In order to understand the past, you have to understand the future.

It was October 2nd, 2016 that I was sitting at my computer, completely in the writing zone, typing 80wpm, when my sister called me to tell me that my mother was dead.

Two weeks earlier, I texted her to call me ASAP. This was not, in fact, a good idea. I wanted to ask her if I should just get in my car and drive down because she broke her foot and my dad was going through a series of surgeries. It was, like, 9:45 and I just wanted to talk to her early enough that I could stil get going depending on her counsel. I emotionally “fell asleep at the wheel,” because why did I have to base it on permission- or at the very least, approval and a heads up that I was on the road? For some reason, she didn’t get the message until 2:30 in the afternoon and by then thought I was mangled horribly or dead. She called me, and I didn’t reach the phone in time. I called her back, and she was on the phone with my sister trying to decide just how much danger I was in. In retrospect, I should have known that if I wrote “as soon as possible,” it didn’t mean “as soon as possible.” It means that I am telling you I am getting mugged at this very moment.

I didn’t keep watch.

I slept through my life as my father recovered from surgery and my mother died instantly.
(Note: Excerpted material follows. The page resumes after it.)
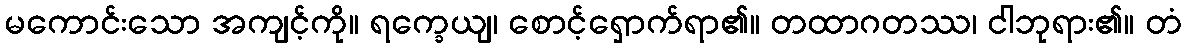
မကောင်းသော အကျင့်ကို။ ရက္ခေယျ၊ စောင့်ရှောက်ရာ၏။ တထာဂတဿ၊ ငါဘုရား၏။ တံ

If I’d listened to my intuition, I would have been there. I could have done something… not to save my mother or heal my father but to just be there when our world exploded. My sister needed me and I needed her. There’s no way I could have known that I was coming home to a funeral, but at least I would have been there in minutes and not hours, getting to spend two weeks memorizing my mother’s face before it was embalmed and never the same. Before she died, it had been a year since she’d visited.

I didn’t keep watch.

It only took one crack in the foundation of my marriages to let the water flow through and erode the cornerstone. I buried myself in other things, convinced that there was no such thing as a Schonanagan or a Bambelanager divorce. Through the years, we’d developed an intricate emotional shorthand and a language all our own. We could have entire conversations with our eyes, as well as conversations no one else in the room would understand… to their consternation that we were just being too “inside.” There were plenty of things wrong that I own, but I do not own that our marriages came apart in one moment. The last moment was just the last moment. Kathleen and I were married for 11 mos, but we’d been together three and a half years before that. Dana and I were married for seven years, having an intense best-friend relationship for almost four years before that which didn’t make a lot of appreciable difference in our relationship after we married except for about a third…………….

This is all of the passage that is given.